Their evidence brought them to five main principles which were the format for their

article. They discussed that these students cannot have their brain manipulated, developed

efficiency with memory is effective and the importance of collaboration. The last two were tied

to the strategies, verbal memory can be enhanced with visuals and the need to structuring

linguistic information. They used these five principles to pose what they found to be most

important for students with SLI and how it best to help them, answering their initial question.

While Eli does not have an SLI, the reason I chose to read this article was because when

working on math with Eli, one of the biggest challenges I have is her verbal memory. We could

talk about a number multiple times and she wouldn’t be able to tell me the number if I asked her

moments later. When we do our intervention, she counts out blocks and put them into stacks. She

physically counted to the number that I told her and stacked them. Then I ask her how many are

in the stack and she will say she doesn’t know and count them again. This happened every time

we wanted to use a stack number for part of the intervention. I wanted a strategy to combat this.

From this article, I came to the understanding that we needed to make it visual instead of

her just remembering the number. This will help her recall the number and be able to use it in the

intervention more effectively and efficiently. We would not be focusing on memory, but instead

it would be on finishing our intervention activity. My plan for this, aside from having the blocks

visually there to show the value of the number, was to provide paper for her to write the number

down next to the stack of blocks.

The first time this was implemented was highly effective. Eli never counted a stack of

blocks a second time and when I pointed to the stack, she could tell me the number instantly.
There was some work needed on reminding her what the numbers should be written like but they

were identifiable for her. We were able to get through the intervention of adding two stacks of

blocks together with continuous counting. Instead of only getting through two or three problems,

we got through 4 or 5. It worked so well that the second time we did the intervention this way,

we were able to write the equations for each of the problems and have it make sense to Eli.

The other benefit of doing it this way was that Eli enjoyed the activity more. We would

point to the stack of blocks and say the number, then another and so on, really quickly as a kind

of game and she was laughing throughout it. Sometimes I noticed if we had repeated a stack of

blocks multiple times, she knew what number to tell me depending on where I was pointing, and

not by looking the number.

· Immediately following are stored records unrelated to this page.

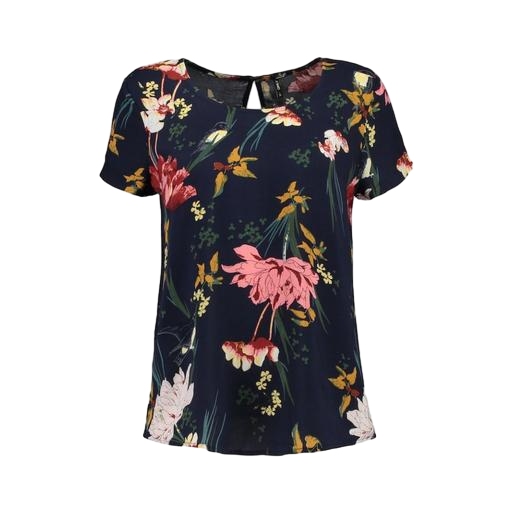
multicolor floral-print t-shirt only macy, blue printed contrast t-shirt only macy, blue plus size printed t-shirt only macy, white background
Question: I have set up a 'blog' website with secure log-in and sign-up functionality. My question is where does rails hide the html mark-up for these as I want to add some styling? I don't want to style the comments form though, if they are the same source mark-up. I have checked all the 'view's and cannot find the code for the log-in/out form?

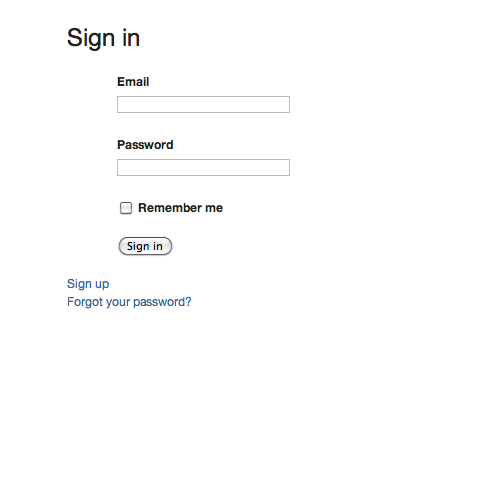
Answer: Devise is a Rails engine - which means that it stores all its controllers and views in the Gem bundle. However devise has a generator that will copy its views so that you can modify them:
'''
$ rails generate devise:views
'''
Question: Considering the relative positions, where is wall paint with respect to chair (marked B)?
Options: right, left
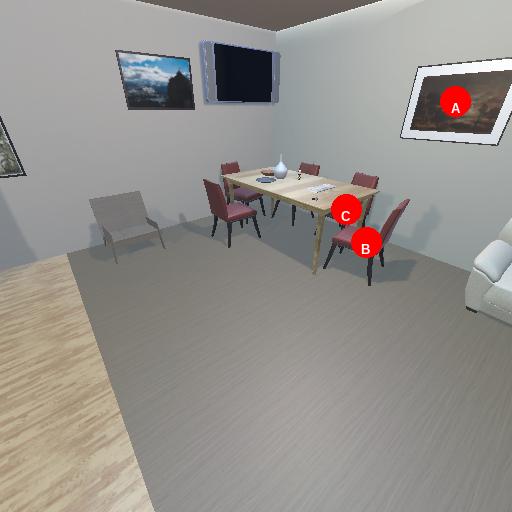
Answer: right

This was a great breakthrough. The intervention as a whole was less

frustrating for me, and less frustrating for Eli. Her attitude towards doing math improved.

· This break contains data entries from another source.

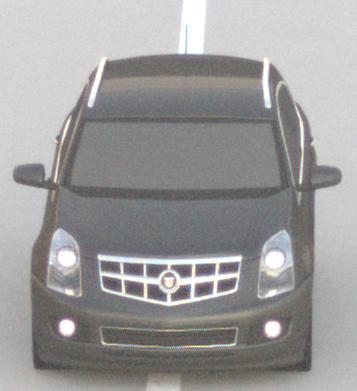
Make: Cadillac
Model: SRX 3.0 V6
Detailed model: SRX (II)
Model produced from: 2010/12
Model produced until: 2012/01
Doors: 5
Color: gray
Road condition: dry road
Daytime: sunrise or sunset
Contrast: low contrast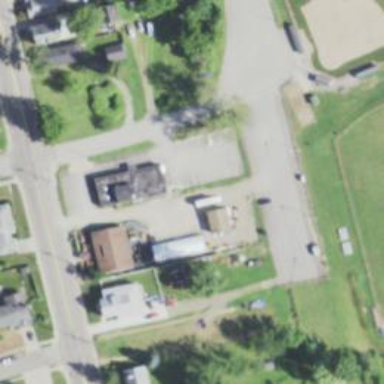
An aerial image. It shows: Healthcare clinic.
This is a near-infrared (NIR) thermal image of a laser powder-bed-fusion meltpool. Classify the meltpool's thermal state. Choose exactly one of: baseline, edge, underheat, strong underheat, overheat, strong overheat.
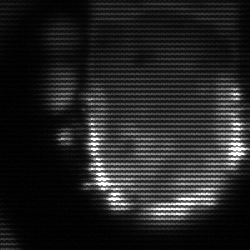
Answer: baseline
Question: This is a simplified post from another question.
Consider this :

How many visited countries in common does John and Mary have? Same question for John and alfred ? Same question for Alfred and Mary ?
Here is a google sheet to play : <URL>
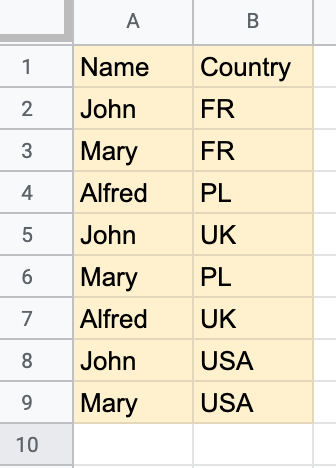
Answer: Try this:
'''
=ArrayFormula(sum(countifs($A$2:$A$9,E$1,$B$2:$B$9,unique($B$2:$B$9))*countifs($A$2:$A$9,$D2,$B$2:$B$9,unique($B$2:$B$9))))
'''
<URL>
<URL>
As far as I can see there are four correct answers to this question depending how you pose the question, rather like in SQL:
(1) for every instance of person 1 with a country, how many instances of person 2 are there with the same country including duplicates (like a cross join)
(2) for every unique combination of person 1 with a country, how many instances of person 2 with the same country are there (like a left join)
(3) for every unique combination of person 2 with a country, how many instances of person 1 with the same country are there (like a right join)
(4) for each unique combination of person 1 with a country, is there at least one instance of person 2 with the same country (like an inner join)
I have gone for option (1).
The other three formulas should be
'''
=ArrayFormula(sum((countifs($A$2:$A$9,E$1,$B$2:$B$9,unique($B$2:$B$9))>0)*countifs($A$2:$A$9,$D2,$B$2:$B$9,unique($B$2:$B$9))))
=ArrayFormula(sum(countifs($A$2:$A$9,E$1,$B$2:$B$9,unique($B$2:$B$9))*(countifs($A$2:$A$9,$D2,$B$2:$B$9,unique($B$2:$B$9))>0)))
=ArrayFormula(sum((countifs($A$2:$A$9,E$1,$B$2:$B$9,unique($B$2:$B$9))>0)*(countifs($A$2:$A$9,$D2,$B$2:$B$9,unique($B$2:$B$9))>0)))
'''

I feel that using visual elements to help a student learn despite struggling with memory is

very useful. Had we moved this strategy into other aspects of our interventions, I think we could

have done a lot of good. For more advanced grade or work, I can see graphic organizers helping

in a more sophisticated way. But overall, I think the article had a lot of good to say about helping

students who struggle with verbal memory. They are able to learn better without having to

process all information spoken to them and remember it. They have a way to visualize it and

look back to the spoken words. I hope to continue to use this as I build my career.

Reference

Singer, Bonnie D, and Anthony S Bashir. “Wait. . . What??? Guiding Intervention Principles for Students

With Verbal Working Memory Limitations.” Language, Speech & Hearing Services in Schools,

vol. 48, no. 3, July 2018, pp. 449–462., doi: 10.1044/2018_LSHSS-17-0101.